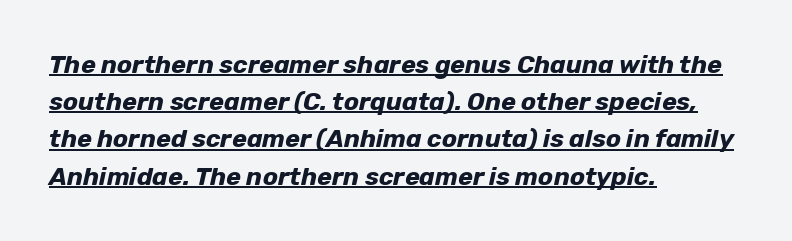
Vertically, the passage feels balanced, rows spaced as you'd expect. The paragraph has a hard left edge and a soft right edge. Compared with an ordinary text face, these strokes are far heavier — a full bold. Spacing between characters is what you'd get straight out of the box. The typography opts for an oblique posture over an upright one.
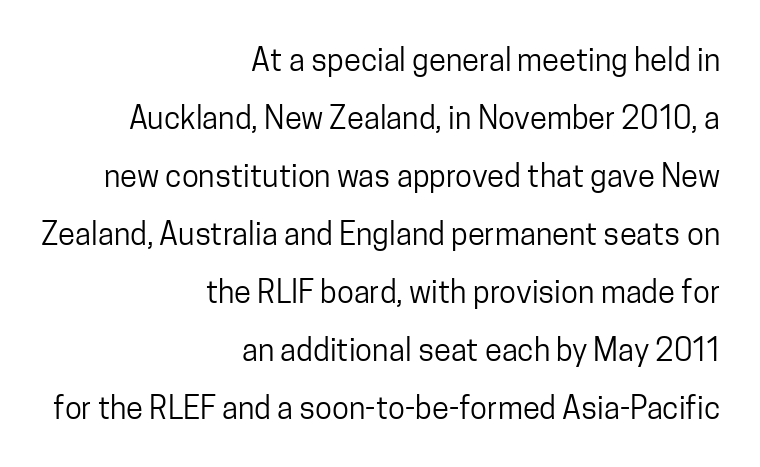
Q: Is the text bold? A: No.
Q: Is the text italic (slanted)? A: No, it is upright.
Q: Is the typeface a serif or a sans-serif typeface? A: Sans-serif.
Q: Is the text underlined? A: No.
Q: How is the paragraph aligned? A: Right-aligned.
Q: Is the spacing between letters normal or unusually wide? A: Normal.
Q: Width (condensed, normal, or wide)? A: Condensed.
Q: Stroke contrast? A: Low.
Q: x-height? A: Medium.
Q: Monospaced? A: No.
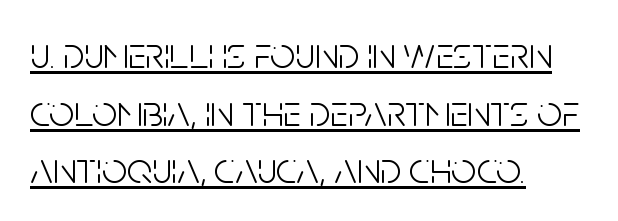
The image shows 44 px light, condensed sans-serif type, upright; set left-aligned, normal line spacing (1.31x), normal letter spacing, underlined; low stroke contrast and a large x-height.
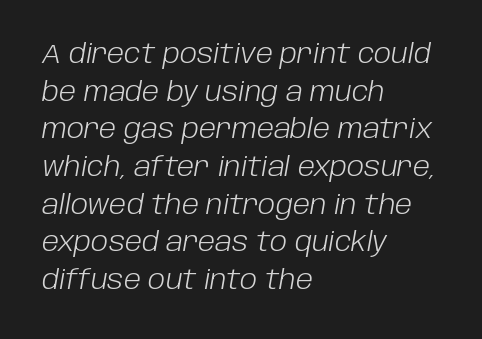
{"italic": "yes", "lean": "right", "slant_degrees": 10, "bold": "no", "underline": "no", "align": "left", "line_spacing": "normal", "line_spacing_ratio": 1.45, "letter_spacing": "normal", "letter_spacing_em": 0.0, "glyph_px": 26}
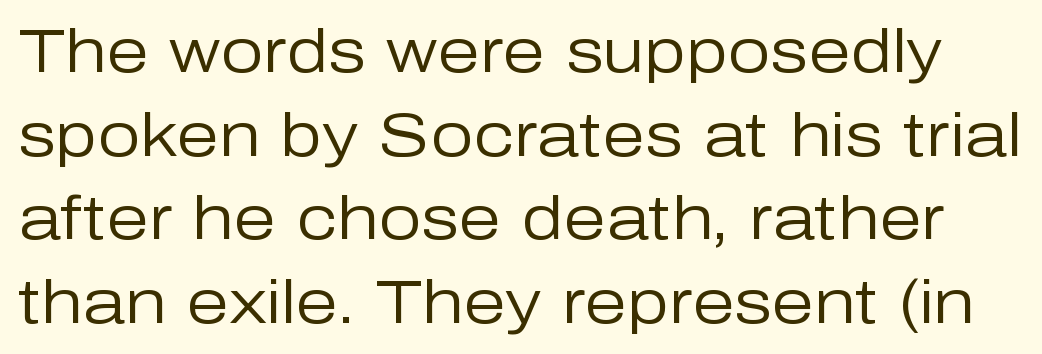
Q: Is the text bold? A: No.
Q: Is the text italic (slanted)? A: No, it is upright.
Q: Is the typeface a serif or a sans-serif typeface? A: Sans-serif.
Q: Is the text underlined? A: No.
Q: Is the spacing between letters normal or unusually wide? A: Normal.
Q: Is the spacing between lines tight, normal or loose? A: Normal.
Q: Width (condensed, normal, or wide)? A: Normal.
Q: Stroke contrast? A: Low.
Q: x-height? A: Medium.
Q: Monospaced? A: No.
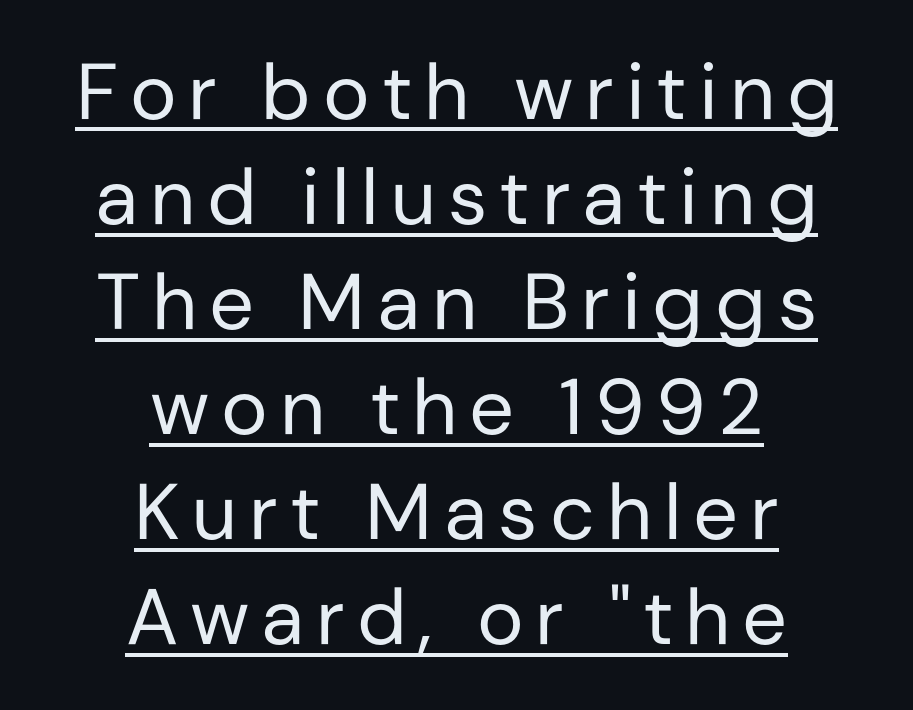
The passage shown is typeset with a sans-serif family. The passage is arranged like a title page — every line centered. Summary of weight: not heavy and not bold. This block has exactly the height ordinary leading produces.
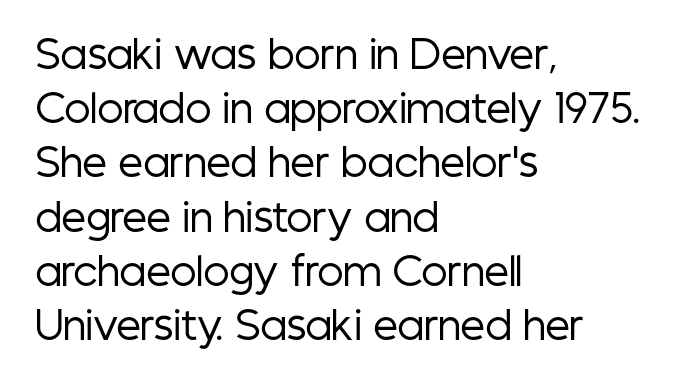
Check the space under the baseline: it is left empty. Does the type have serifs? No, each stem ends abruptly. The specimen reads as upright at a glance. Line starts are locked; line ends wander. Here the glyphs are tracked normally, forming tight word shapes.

# # # # # # #

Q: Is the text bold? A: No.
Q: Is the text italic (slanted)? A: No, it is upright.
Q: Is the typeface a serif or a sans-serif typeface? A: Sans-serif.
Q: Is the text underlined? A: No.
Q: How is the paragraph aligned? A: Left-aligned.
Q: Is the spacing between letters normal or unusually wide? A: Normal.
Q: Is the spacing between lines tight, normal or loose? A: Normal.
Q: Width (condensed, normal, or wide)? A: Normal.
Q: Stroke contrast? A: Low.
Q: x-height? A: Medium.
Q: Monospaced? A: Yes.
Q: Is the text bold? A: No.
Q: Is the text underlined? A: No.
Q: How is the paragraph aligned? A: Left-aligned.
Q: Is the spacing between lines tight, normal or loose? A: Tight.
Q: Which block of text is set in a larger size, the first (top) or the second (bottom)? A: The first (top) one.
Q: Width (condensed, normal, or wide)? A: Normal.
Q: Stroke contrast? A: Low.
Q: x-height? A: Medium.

# # # # # # #

● **EXERCISE DESCRIPTION**
Every line of the listing above that includes "paragraph" should be copied out.

● **RESULT**
Vertically, the passage feels balanced, rows spaced as you'd expect. The paragraph has a hard left edge and a soft right edge. Compared with an ordinary text face, these strokes are far heavier — a full bold. Spacing between characters is what you'd get straight out of the box. The typography opts for an oblique posture over an upright one.
Q: How is the paragraph aligned? A: Right-aligned.
Q: How is the paragraph aligned? A: Left-aligned.
Q: How is the paragraph aligned? A: Left-aligned.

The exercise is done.